Ich frage mich, wie ich mich entwickelt hätte, wenn ständig Leute gesagt hätten, dass man auch solche Leute wie mich lieben und integrieren sollte? Oder kann? Oder muss? Oder, wenn meine Eltern in meiner Gegenwart regelmäßig von ihrem Schock nach meiner Geburt erzählt hätten? Oder, wenn überhaupt regelmäßig in meiner Gegenwart über mich geredet worden wäre, als ob ich nichts verstehen würde?

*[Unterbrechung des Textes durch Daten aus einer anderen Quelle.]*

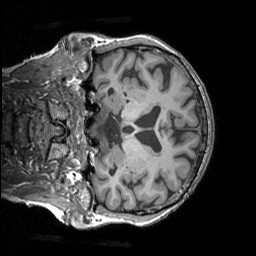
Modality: T1w
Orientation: coronal
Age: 75
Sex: female
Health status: healthy
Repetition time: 1.9 s
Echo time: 0.00252 s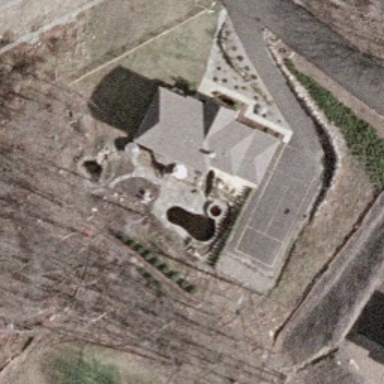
A villa with grey roofs is surrounded by trees and lawn in the sparse residential area .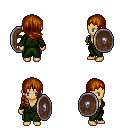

Wie hätte ich mich entwickelt, wenn mich in meinem Leben viel zu wenig Leute in Gespräche und Aktivitäten mit einbezogen hätten und mir selten etwas zugetraut hätten? Was wäre aus mir geworden, wenn ich ab der vierten Lebenswoche von Therapeut zu Therapeut geschleift worden wäre, um mich noch besser und schneller zu entwickeln? Und wie wäre ich aufgewachsen, wenn die meisten Leute, die mir im Leben begegnet sind, ängstlich oder unsicher gewesen wären? Wenn sie nicht gewusst hätten, was sie mir gegenüber hätten sagen können oder wie sie sich mir gegenüber zu verhalten hätten? Wo wäre ich wohl jetzt, wenn andauernd meine Eigenständigkeit durch permanente Vorsicht oder Misstrauen blockiert worden wäre? Was, wenn ich nicht wie alle anderen in einen Regelkindergarten oder auf eine Regelschule hätte gehen dürfen? Was, wenn man gewollt hätte, dass ich mich sterilisieren lasse, um keine Kinder (solche wie mich!) zu bekommen?
Was, wenn man immer angenommen hätte, ich wäre nicht verletzt, da ich immer so ein Sonnenschein bin?

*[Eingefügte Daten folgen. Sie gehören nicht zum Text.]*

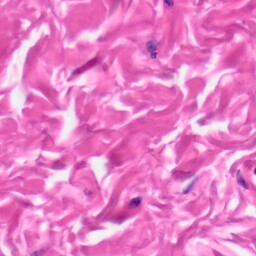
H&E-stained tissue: Skin

Inklusion ist keine gute Sache, sie ist selbstverständlich

Das Erste, was mir nach der Geburt unseres Sohnes geraten wurde, war: „Nehme Kontakt auf zu anderen Eltern mit behinderten Kindern!“ Relativ häufig kann man auch Aussagen lesen wie „Ein Kind mit Behinderung erweitert den Horizont.“. Das sehe ich anders.

Obwohl es für mich nach Anatols Geburt in erster Linie wichtig war, ALLE (;-) Informationen zur Trisomie 21 zu bekommen, befolgte ich den gut gemeinten Rat. Da er in Irkutsk geboren wurde, nahm ich also Kontakt zu Irkutsker Müttern auf, von denen die meisten noch immer im „Schock über das behinderte Kind“ waren/sind. Obwohl diese Mütter schon ältere Kinder hatten, fand ich mich also nach der Geburt in der Rolle wieder, diese Mütter von der Normalität ihrer Situation zu überzeugen und stachelte sie auf, die Irkutsker Stadtverwaltung von der natürlichen Teilhabe ihrer Kinder am Bildungssystem zu überzeugen und damit für ihr Recht auf Arbeit zu kämpfen. Denn alle diese Mütter konnten nicht arbeiten gehen, weil es einfach keine „normale“ Kinderbetreuung für ihre Sprößlinge gab. Alle Mütter gingen davon aus, dass Deutschland das Paradies für Behinderte ist und, dass in Deutschland niemand, nach der Geburt eines behinderten Kindes, Grund dafür hat, traurig zu sein. Auch ich begann, die rechtliche Situation, die Gesundheitsversorgung und den Umgang mit Behinderten in Deutschland zu verherrlichen. Als ob es DIE einheitliche Gruppe von Behinderten gäbe. Und als ob es DEN einheitlichen Umgang mit ihnen gäbe. Doch so paradiesisch ist es hier gar nicht.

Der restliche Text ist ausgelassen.